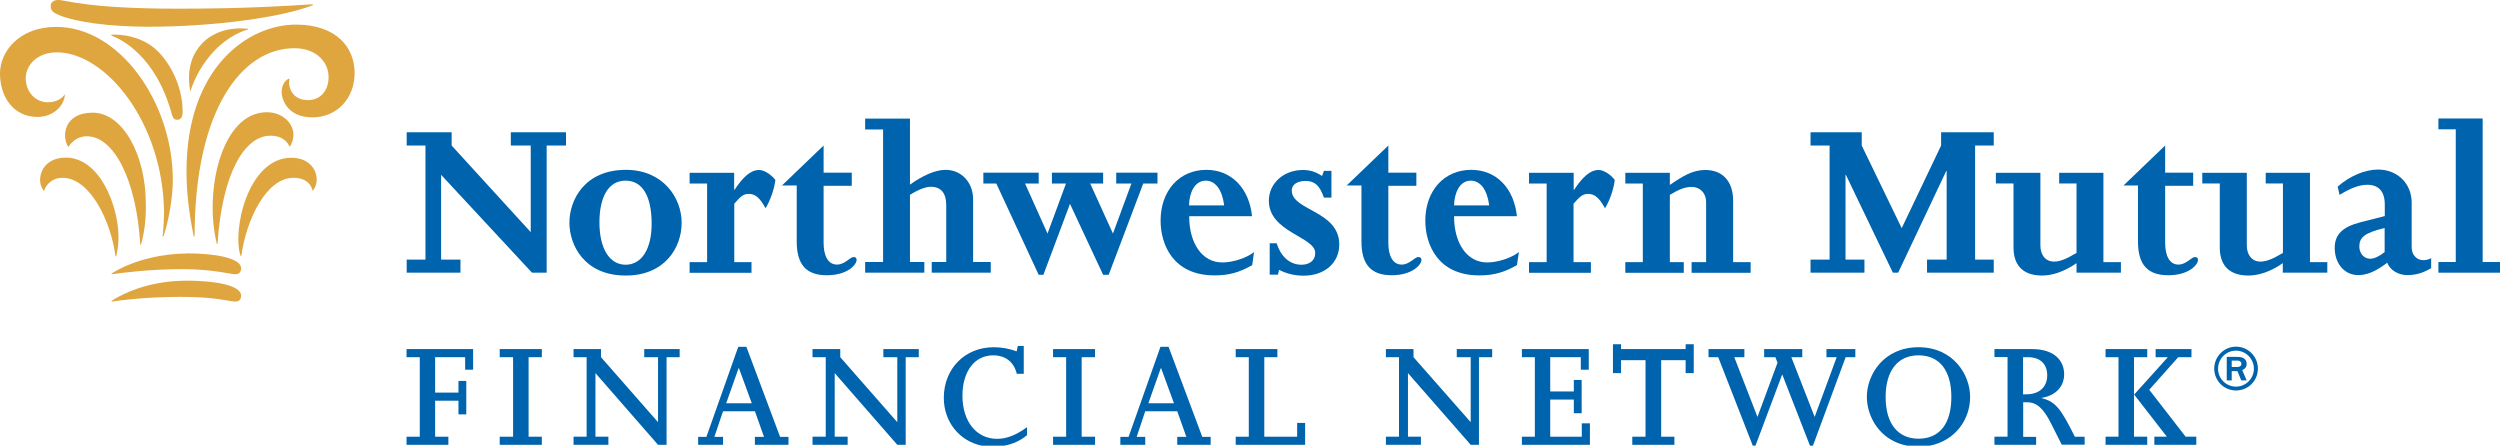 <?xml version="1.0" encoding="UTF-8"?>
<svg xmlns="http://www.w3.org/2000/svg" id="a" data-name="Layer 1" viewBox="0 0 175.75 31.33">
  <defs>
    <style>
      .b {
        fill: #0063ad;
      }

      .c {
        fill: #dfa53f;
      }
    </style>
  </defs>
  <polygon class="b" points="28.58 30.7 29.51 30.7 29.51 25.11 28.58 25.11 28.58 24.54 33.26 24.54 33.26 25.99 32.7 25.99 32.7 25.11 30.59 25.11 30.59 27.6 32.23 27.6 32.23 26.78 32.78 26.78 32.78 29.13 32.23 29.13 32.23 28.17 30.59 28.17 30.59 30.7 31.52 30.7 31.52 31.27 28.58 31.27 28.58 30.7 28.58 30.7"></polygon>
  <polygon class="b" points="35.13 30.7 36.07 30.7 36.07 25.11 35.13 25.11 35.13 24.54 38.09 24.54 38.09 25.11 37.16 25.11 37.16 30.7 38.09 30.7 38.09 31.27 35.13 31.27 35.13 30.7 35.13 30.7"></polygon>
  <polygon class="b" points="40.32 30.7 41.24 30.7 41.24 25.11 40.32 25.11 40.32 24.54 42.25 24.54 42.25 25.11 46.26 29.68 46.26 25.11 45.29 25.11 45.29 24.54 47.78 24.54 47.78 25.11 46.86 25.11 46.86 31.27 46.26 31.27 41.86 26.23 41.86 30.7 42.77 30.7 42.77 31.27 40.32 31.27 40.32 30.7 40.32 30.7"></polygon>
  <path class="b" d="M49.07,31.27h1.76v-.56h-.61l.61-1.8h2.24l.64,1.8h-.64v.56h2.36v-.56h-.59l-2.37-6.33h-.57l-2.24,6.33h-.58v.56h0ZM52.84,28.35h-1.79l.87-2.46h.03l.9,2.46h0Z"></path>
  <polygon class="b" points="57.12 30.7 58.05 30.7 58.05 25.11 57.12 25.11 57.12 24.54 59.07 24.54 59.07 25.11 63.08 29.68 63.08 25.11 62.1 25.11 62.1 24.54 64.59 24.54 64.59 25.11 63.67 25.11 63.67 31.27 63.08 31.27 58.68 26.23 58.68 30.7 59.59 30.7 59.59 31.27 57.12 31.27 57.12 30.7 57.12 30.7"></polygon>
  <path class="b" d="M72.2,30.59c-.45.38-.99.63-1.6.74h-1.58c-1.6-.33-2.67-1.7-2.67-3.36,0-2.05,1.48-3.56,3.51-3.56.56,0,1.1.1,1.61.29l.08-.38h.42v1.96h-.49c-.19-.82-.79-1.3-1.66-1.3-1.3,0-2.16,1.12-2.16,2.84,0,1.81.98,3.03,2.44,3.03.65,0,1.32-.25,2.1-.82v.57h0Z"></path>
  <polygon class="b" points="74.03 30.7 74.95 30.7 74.95 25.11 74.03 25.11 74.03 24.54 76.98 24.54 76.98 25.11 76.04 25.11 76.04 30.7 76.98 30.7 76.98 31.27 74.03 31.27 74.03 30.7 74.03 30.7"></polygon>
  <path class="b" d="M78.76,31.27h1.75v-.56h-.6l.6-1.8h2.25l.64,1.8h-.64v.56h2.35v-.56h-.59l-2.37-6.33h-.57l-2.24,6.33h-.58v.56h0ZM82.53,28.35h-1.8l.87-2.46h.03l.9,2.46h0Z"></path>
  <polygon class="b" points="86.87 30.7 87.79 30.7 87.79 25.11 86.87 25.11 86.87 24.54 89.8 24.54 89.8 25.11 88.88 25.11 88.88 30.7 91.19 30.7 91.19 29.73 91.75 29.73 91.75 31.27 86.87 31.27 86.87 30.7 86.87 30.7"></polygon>
  <polygon class="b" points="97.43 30.7 98.35 30.7 98.35 25.11 97.43 25.11 97.43 24.54 99.37 24.54 99.37 25.11 103.39 29.68 103.39 25.11 102.41 25.11 102.41 24.54 104.9 24.54 104.9 25.11 103.97 25.11 103.97 31.27 103.39 31.27 98.98 26.23 98.98 30.7 99.89 30.7 99.89 31.27 97.43 31.27 97.43 30.7 97.43 30.7"></polygon>
  <polygon class="b" points="106.99 30.7 107.9 30.7 107.9 25.11 106.99 25.11 106.99 24.54 111.69 24.54 111.69 25.99 111.13 25.99 111.13 25.11 108.98 25.11 108.98 27.52 110.64 27.52 110.64 26.71 111.19 26.71 111.19 29.05 110.64 29.05 110.64 28.09 108.98 28.09 108.98 30.7 111.2 30.7 111.2 29.76 111.77 29.76 111.77 31.27 106.99 31.27 106.99 30.7 106.99 30.7"></polygon>
  <polygon class="b" points="114.75 30.7 115.68 30.7 115.68 25.32 113.96 25.32 113.96 26.23 113.39 26.23 113.39 24.2 113.96 24.2 113.96 24.54 118.5 24.54 118.5 24.2 119.07 24.2 119.07 26.23 118.5 26.23 118.5 25.32 116.78 25.32 116.78 30.7 117.71 30.7 117.71 31.27 114.75 31.27 114.75 30.7 114.75 30.7"></polygon>
  <polygon class="b" points="120.11 24.54 122.63 24.54 122.63 25.11 121.92 25.11 123.55 29.31 124.96 25.5 124.81 25.11 124.02 25.11 124.02 24.54 126.7 24.54 126.7 25.11 125.93 25.11 127.57 29.31 129.12 25.11 128.4 25.11 128.4 24.54 130.43 24.54 130.43 25.11 129.75 25.11 127.45 31.33 127.24 31.33 125.29 26.32 123.41 31.33 123.22 31.33 120.79 25.11 120.11 25.11 120.11 24.54 120.11 24.54"></polygon>
  <path class="b" d="M131.24,27.9c0,1.4.92,3.07,2.83,3.43h1.59c1.78-.34,2.84-1.83,2.84-3.42s-1.2-3.5-3.63-3.5-3.63,1.91-3.63,3.49h0ZM132.56,27.91c0-1.82.83-2.93,2.31-2.93s2.31,1.07,2.31,2.93-.81,2.93-2.31,2.93c-1.35,0-2.31-.94-2.31-2.93h0Z"></path>
  <path class="b" d="M140.22,31.27h2.92v-.56h-.91v-2.43h.28c.67,0,1.15.43,1.68,1.49l.75,1.49h1.61v-.56h-.69c-.96-1.93-1.34-2.47-2.33-2.71v-.02c.98-.16,1.58-.79,1.58-1.66s-.59-1.77-2.27-1.77h-2.63v.56h.92v5.6h-.92v.56h0ZM142.22,27.72v-2.61h.34c.87,0,1.36.48,1.36,1.28s-.54,1.33-1.47,1.33h-.23Z"></path>
  <polygon class="b" points="148.02 30.7 148.93 30.7 148.93 25.11 148.02 25.11 148.02 24.54 150.95 24.54 150.95 25.11 150.02 25.11 150.02 27.75 152.4 25.11 151.54 25.11 151.54 24.54 154.06 24.54 154.06 25.11 153.13 25.11 151.09 27.4 153.65 30.7 154.4 30.7 154.4 31.27 151.45 31.27 151.45 30.7 152.33 30.7 150.04 27.75 150.02 27.75 150.02 30.7 150.95 30.7 150.95 31.27 148.02 31.27 148.02 30.7 148.02 30.7"></polygon>
  <polygon class="b" points="29.91 10.23 28.59 10.23 28.59 9.3 31.75 9.3 31.75 10.23 37.31 16.32 37.31 10.23 35.91 10.23 35.91 9.3 39.79 9.3 39.79 10.23 38.43 10.23 38.43 19.17 37.4 19.17 31.01 12.29 31.01 18.25 32.37 18.25 32.37 19.17 28.59 19.17 28.59 18.25 29.91 18.25 29.91 10.23 29.91 10.23"></polygon>
  <path class="b" d="M40.03,15.66c0,1.54,1.02,3.71,3.96,3.71,2.75,0,3.93-1.96,3.93-3.71s-1.3-3.72-3.92-3.72c-2.87,0-3.97,2.08-3.97,3.72h0ZM42.14,15.63c0-1.66.56-2.93,1.84-2.93,1.2,0,1.83,1.11,1.83,3.03,0,1.81-.72,2.88-1.83,2.88s-1.84-1.1-1.84-2.98h0Z"></path>
  <path class="b" d="M49.71,12.9h-1.23v-.75h3.13v1.19h.03c.3-.45.58-.8.86-1.03.28-.24.58-.36.87-.36.34,0,.82.3,1.14.7-.08.64-.35,1.43-.69,1.99-.39-.72-.72-1.01-1.18-1.01-.4,0-.6.21-1.02.69v4.11h1.21v.75h-4.35v-.75h1.23v-5.52h0Z"></path>
  <path class="b" d="M54.95,13.06l2.95-2.83v1.91h1.98v.92h-1.98v4.02c0,.9.31,1.52.94,1.52.56,0,.91-.53,1.17-.53.13,0,.21.07.21.2,0,.34-.64,1.08-2.09,1.08s-2.12-.74-2.12-2.37v-3.94h-1.06Z"></path>
  <path class="b" d="M63.97,12.98c.87-.62,1.76-1.04,2.5-1.04,1.12,0,1.94.88,1.94,2.08v4.4h1.24v.75h-4.15v-.75h1.02v-4.02c0-.82-.38-1.27-1.07-1.27-.39,0-.92.21-1.48.57v4.72h1.01v.75h-4.16v-.75h1.26v-9.32h-1.26v-.76h3.15v4.64h0Z"></path>
  <polygon class="b" points="69.13 12.9 69.13 12.14 73.02 12.14 73.02 12.9 72.06 12.9 73.64 16.42 74.94 12.9 73.95 12.9 73.95 12.14 77.55 12.14 77.55 12.9 76.64 12.9 78.24 16.42 79.54 12.9 78.47 12.9 78.47 12.14 81.37 12.14 81.37 12.9 80.37 12.9 77.94 19.32 77.55 19.32 75.22 14.33 73.35 19.32 73.02 19.32 70.04 12.9 69.13 12.9 69.13 12.9"></polygon>
  <path class="b" d="M88.02,15.2c-.21-1.99-1.47-3.26-3.21-3.26-1.91,0-3.22,1.47-3.22,3.57,0,1.67.87,3.85,3.79,3.85,1.01,0,1.73-.2,2.65-.72l.13-.92c-.54.43-1.5.73-2.24.73-1.4,0-2.32-1.33-2.32-3.25h4.43ZM83.59,14.44c.01-.87.39-1.74,1.17-1.74.68,0,1.16.63,1.3,1.74h-2.47Z"></path>
  <path class="b" d="M89.27,17.1h.48c.3.96.94,1.51,1.74,1.51.54,0,.97-.27.97-.83,0-1.14-3.26-1.45-3.26-3.67,0-1.22,1.04-2.16,2.39-2.16.5,0,.89.12,1.35.42l.13-.36h.53v1.88h-.53c-.29-.84-.64-1.17-1.28-1.17-.6,0-.98.26-.98.67,0,1.43,3.34,1.41,3.34,3.8,0,1.3-1.04,2.19-2.5,2.19-.61,0-1.19-.13-1.73-.41l-.08.34h-.58v-2.19h0Z"></path>
  <path class="b" d="M94.65,13.06l2.95-2.83v1.91h1.97v.92h-1.97v4.02c0,.9.31,1.52.94,1.52.56,0,.9-.53,1.17-.53.13,0,.22.07.22.2,0,.34-.65,1.08-2.09,1.08s-2.13-.74-2.13-2.37v-3.94h-1.05Z"></path>
  <path class="b" d="M106.64,15.2c-.21-1.99-1.46-3.26-3.21-3.26-1.91,0-3.23,1.47-3.23,3.57,0,1.67.87,3.85,3.79,3.85,1,0,1.73-.2,2.65-.72l.14-.92c-.55.43-1.5.73-2.24.73-1.4,0-2.32-1.33-2.32-3.25h4.42ZM102.22,14.44c.02-.87.39-1.74,1.17-1.74.68,0,1.16.63,1.3,1.74h-2.47Z"></path>
  <path class="b" d="M108.73,12.9h-1.24v-.75h3.14v1.19h.03c.3-.45.58-.8.86-1.03.28-.24.57-.36.87-.36.34,0,.82.3,1.13.7-.08.64-.34,1.43-.69,1.99-.39-.72-.72-1.01-1.19-1.01-.39,0-.59.21-1.02.69v4.11h1.22v.75h-4.35v-.75h1.24v-5.52h0Z"></path>
  <path class="b" d="M115.49,12.9h-1.23v-.75h3.13v.85c.94-.64,1.61-1.05,2.49-1.05,1.23,0,1.96.81,1.96,2.16v4.32h1.23v.75h-4.15v-.75h1.02v-4.2c0-.71-.48-1.09-1-1.09-.46,0-.9.16-1.55.56v4.73h.98v.75h-4.11v-.75h1.23v-5.52h0Z"></path>
  <polygon class="b" points="128.62 10.23 127.28 10.23 127.28 9.3 130.88 9.3 130.88 10.23 133.69 16.04 136.46 10.23 136.46 9.3 140.16 9.3 140.16 10.23 138.85 10.23 138.85 18.25 140.16 18.25 140.16 19.17 135.47 19.17 135.47 18.25 136.85 18.25 136.85 12.02 136.82 12.02 133.44 19.17 133.07 19.17 129.77 12.3 129.74 12.3 129.74 18.25 131.07 18.25 131.07 19.17 127.28 19.17 127.28 18.25 128.62 18.25 128.62 10.23 128.62 10.23"></polygon>
  <path class="b" d="M149.1,18.42v.75h-3.12v-.67c-.93.64-1.75.87-2.42.87-1.55,0-2.01-.94-2.01-1.97v-4.5h-1.24v-.75h3.13v5.1c0,.66.34,1.14.96,1.14.43,0,.87-.19,1.58-.61v-4.88h-1.22v-.75h3.11v6.28h1.24Z"></path>
  <path class="b" d="M149.26,13.06l2.95-2.83v1.91h1.97v.92h-1.97v4.02c0,.9.31,1.52.93,1.52.56,0,.91-.53,1.17-.53.13,0,.21.07.21.2,0,.34-.64,1.08-2.09,1.08s-2.13-.74-2.13-2.37v-3.94h-1.05Z"></path>
  <path class="b" d="M163.61,18.42v.75h-3.13v-.67c-.92.64-1.75.87-2.42.87-1.55,0-2.01-.94-2.01-1.97v-4.5h-1.23v-.75h3.13v5.1c0,.66.35,1.14.96,1.14.43,0,.87-.19,1.58-.61v-4.88h-1.21v-.75h3.11v6.28h1.24Z"></path>
  <path class="b" d="M170.89,18.16c-.2.1-.35.13-.53.13-.43,0-.82-.33-.82-.91v-3.13c0-1.35-1-2.33-2.37-2.33-.93,0-2.01.47-2.83,1.2l.13.58c.84-.51,1.42-.71,1.96-.71.79,0,1.22.48,1.22,1.38v.82l-1.69.43c-1.28.33-1.83.86-1.83,1.81,0,1.1.69,1.91,1.65,1.91.63,0,1.24-.26,2.04-.87.21.53.77.87,1.43.87.58,0,1.12-.16,1.66-.49v-.71h0ZM167.64,16.03v1.69c-.34.28-.72.47-1.02.47-.43,0-.76-.38-.76-.86,0-.64.38-.97,1.78-1.3h0Z"></path>
  <polygon class="b" points="172.64 9.09 171.42 9.09 171.42 8.33 174.53 8.33 174.53 18.42 175.75 18.42 175.75 19.17 171.42 19.17 171.42 18.42 172.64 18.42 172.64 9.09 172.64 9.09"></polygon>
  <path class="c" d="M6.11,9.58c1.86,0,3.48,2.98,3.75,7.62h.05c.26-.93.37-1.92.34-2.9,0-3.38-1.6-6.38-3.74-6.38-2.02,0-2.19,1.67-1.71,2.41.19-.26.55-.75,1.31-.75h0ZM8.17,18.01c.1-.43.16-.76.16-1.35,0-2.11-1.27-5.58-3.71-5.58-1.85,0-2.11,1.77-1.52,2.34.12-.4.53-.92,1.29-.92,1.96,0,3.42,3.1,3.73,5.52h.05ZM20.36,10.33c.19-.27.27-.62.27-.85,0-.81-.76-1.59-1.87-1.59-3.23,0-4.43,5.66-3.51,9.27h.04c.32-4.96,1.9-7.62,3.72-7.62.94,0,1.27.56,1.35.79h0ZM20.48,11.09c-3.06,0-4.18,5.14-3.56,6.92h.04c.36-2.6,1.77-5.51,3.67-5.51,1.02,0,1.3.63,1.34.92.65-.69.26-2.33-1.49-2.33h0ZM13.13,19.73c-1.83,0-3.73.44-5.29,1.42l.02.05c.76-.12,2.6-.33,4.87-.33,2.5,0,3.4.33,3.81.33.28,0,.41-.16.41-.42,0-.72-1.82-1.05-3.82-1.05h0ZM13.13,17.82c-1.56,0-3.7.41-5.29,1.41l.02.05c.63-.09,2.65-.36,4.94-.36,2.17,0,3.41.36,3.74.36.28,0,.41-.16.41-.42,0-.72-1.82-1.05-3.82-1.05h0ZM20.36,5.52c-.23.04-.56.39-.56.92,0,.6.44,1.81,2.16,1.81s2.97-1.32,2.97-3.12-1.29-3.4-4.12-3.4c-3.37,0-7.7,3.01-7.7,10.32,0,1.4.17,2.92.51,4.57h.06c0-8.99,3.37-13.23,7.01-13.23,1.56,0,2.41.99,2.41,2.02,0,.95-.56,1.63-1.46,1.63-1.1,0-1.44-.95-1.28-1.53h0ZM4.56,6.62c-.13.22-.51.57-1.2.57-.85,0-1.55-.7-1.55-1.7,0-.89.79-1.81,2.18-1.81,3.45,0,7.49,4.95,7.54,11.27,0,.4-.03,1.1-.1,1.67h.06c.37-1.07.66-2.76.66-3.95C12.15,7.18,8.39,1.89,3.96,1.89,1.33,1.89,0,3.64,0,5.16c0,1.74,1.02,3.06,2.62,3.06,1.25,0,1.94-.91,1.94-1.61h0ZM4.09,0c-.34,0-.53.18-.53.43,0,.32.2.47.61.64,1.23.5,3.57.8,6.22.81,4.69,0,9.48-.67,11.61-1.52l-.02-.06c-1.73.11-4.7.31-9.45.31C6.05.61,4.7,0,4.09,0h0ZM7.83,2.45v.05c.55.2,3.12,1.33,4.26,5.57.07.25.19.35.36.35.27,0,.39-.2.39-.57,0-1.98-1.08-3.74-2.03-4.5-.95-.77-2.22-.96-2.98-.91h0ZM14.18,3.08c.81-.86,2-1.18,3.26-1.06v.05c-.41.11-1.4.48-2.39,1.52-.82.87-1.39,1.92-1.67,2.85-.32-1.75.26-2.78.8-3.36h0Z"></path>
  <path class="b" d="M156.89,25.8h.37c.12,0,.31-.03.31-.23,0-.09-.07-.22-.28-.22h-.4v.45h0ZM156.89,26.74h-.35v-1.65h.77c.1,0,.63,0,.63.49,0,.31-.23.4-.31.44l.31.72h-.38l-.27-.65h-.4v.65h0ZM157.19,27.18c.69,0,1.26-.57,1.26-1.26s-.57-1.27-1.26-1.27-1.26.56-1.26,1.27.57,1.26,1.26,1.26h0ZM157.19,24.37c.84,0,1.54.68,1.54,1.54s-.68,1.54-1.54,1.54-1.53-.7-1.53-1.54.69-1.54,1.53-1.54h0Z"></path>
</svg>

□ □ □

**TASK DETAILS**
For this answer, return word for word the lines from the first line of the records through the line containing "30.7 29.51 30.7". Omit the pictures.

**RESULT**
 <?xml version="1.0" encoding="UTF-8"?>
<svg xmlns="http://www.w3.org/2000/svg" id="a" data-name="Layer 1" viewBox="0 0 175.75 31.33">
  <defs>
    <style>
      .b {
        fill: #0063ad;
      }

      .c {
        fill: #dfa53f;
      }
    </style>
  </defs>
  <polygon class="b" points="28.58 30.7 29.51 30.7 29.51 25.11 28.58 25.11 28.58 24.54 33.26 24.54 33.26 25.99 32.7 25.99 32.7 25.11 30.59 25.11 30.59 27.6 32.23 27.6 32.23 26.78 32.78 26.78 32.78 29.13 32.23 29.13 32.23 28.17 30.59 28.17 30.59 30.7 31.52 30.7 31.52 31.27 28.58 31.27 28.58 30.7 28.58 30.7"></polygon>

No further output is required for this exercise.